[DATASET EXTRACT — start]

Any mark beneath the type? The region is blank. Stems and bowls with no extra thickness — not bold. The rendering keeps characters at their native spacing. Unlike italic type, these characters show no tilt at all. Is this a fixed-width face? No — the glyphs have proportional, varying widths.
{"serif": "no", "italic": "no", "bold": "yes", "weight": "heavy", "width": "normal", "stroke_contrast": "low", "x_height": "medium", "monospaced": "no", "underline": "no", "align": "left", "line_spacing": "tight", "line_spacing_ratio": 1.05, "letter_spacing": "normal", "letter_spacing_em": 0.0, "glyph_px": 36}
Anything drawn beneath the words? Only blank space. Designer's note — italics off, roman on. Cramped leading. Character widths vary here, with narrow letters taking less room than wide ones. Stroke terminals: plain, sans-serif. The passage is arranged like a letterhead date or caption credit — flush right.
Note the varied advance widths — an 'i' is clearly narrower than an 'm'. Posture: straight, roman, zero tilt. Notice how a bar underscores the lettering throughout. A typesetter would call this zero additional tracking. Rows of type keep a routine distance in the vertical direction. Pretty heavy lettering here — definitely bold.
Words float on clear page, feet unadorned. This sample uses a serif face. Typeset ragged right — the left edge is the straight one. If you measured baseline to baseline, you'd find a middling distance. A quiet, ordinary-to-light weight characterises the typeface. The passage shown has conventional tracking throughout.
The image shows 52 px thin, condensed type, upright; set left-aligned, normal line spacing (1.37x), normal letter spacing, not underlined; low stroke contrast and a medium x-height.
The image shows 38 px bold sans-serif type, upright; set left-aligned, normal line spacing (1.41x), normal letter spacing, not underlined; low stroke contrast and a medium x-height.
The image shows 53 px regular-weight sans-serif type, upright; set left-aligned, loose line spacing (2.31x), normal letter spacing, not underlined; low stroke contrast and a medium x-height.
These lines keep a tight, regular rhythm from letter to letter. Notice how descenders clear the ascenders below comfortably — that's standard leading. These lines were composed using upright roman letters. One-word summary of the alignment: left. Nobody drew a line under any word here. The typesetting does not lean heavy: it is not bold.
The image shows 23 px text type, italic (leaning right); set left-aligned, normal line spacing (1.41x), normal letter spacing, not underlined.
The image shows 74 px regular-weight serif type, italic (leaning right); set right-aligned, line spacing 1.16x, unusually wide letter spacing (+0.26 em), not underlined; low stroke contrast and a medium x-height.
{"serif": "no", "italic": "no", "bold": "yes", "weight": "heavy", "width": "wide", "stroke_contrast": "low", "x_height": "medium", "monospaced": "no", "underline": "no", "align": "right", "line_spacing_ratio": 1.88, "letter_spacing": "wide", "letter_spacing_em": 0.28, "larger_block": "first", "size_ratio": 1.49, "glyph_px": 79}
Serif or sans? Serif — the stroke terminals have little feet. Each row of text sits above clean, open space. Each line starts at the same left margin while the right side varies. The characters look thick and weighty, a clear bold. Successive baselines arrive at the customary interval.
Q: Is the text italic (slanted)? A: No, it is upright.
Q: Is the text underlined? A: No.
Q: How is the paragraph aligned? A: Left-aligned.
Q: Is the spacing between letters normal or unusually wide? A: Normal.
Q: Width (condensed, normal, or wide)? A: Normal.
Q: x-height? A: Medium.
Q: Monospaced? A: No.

[DATASET EXTRACT — finish]

> **WORK INSTRUCTION**: Each line in the records above that contains the word "leading" must be copied.

> **OUTPUT FOR THIS EXERCISE**:
Anything drawn beneath the words? Only blank space. Designer's note — italics off, roman on. Cramped leading. Character widths vary here, with narrow letters taking less room than wide ones. Stroke terminals: plain, sans-serif. The passage is arranged like a letterhead date or caption credit — flush right.
These lines keep a tight, regular rhythm from letter to letter. Notice how descenders clear the ascenders below comfortably — that's standard leading. These lines were composed using upright roman letters. One-word summary of the alignment: left. Nobody drew a line under any word here. The typesetting does not lean heavy: it is not bold.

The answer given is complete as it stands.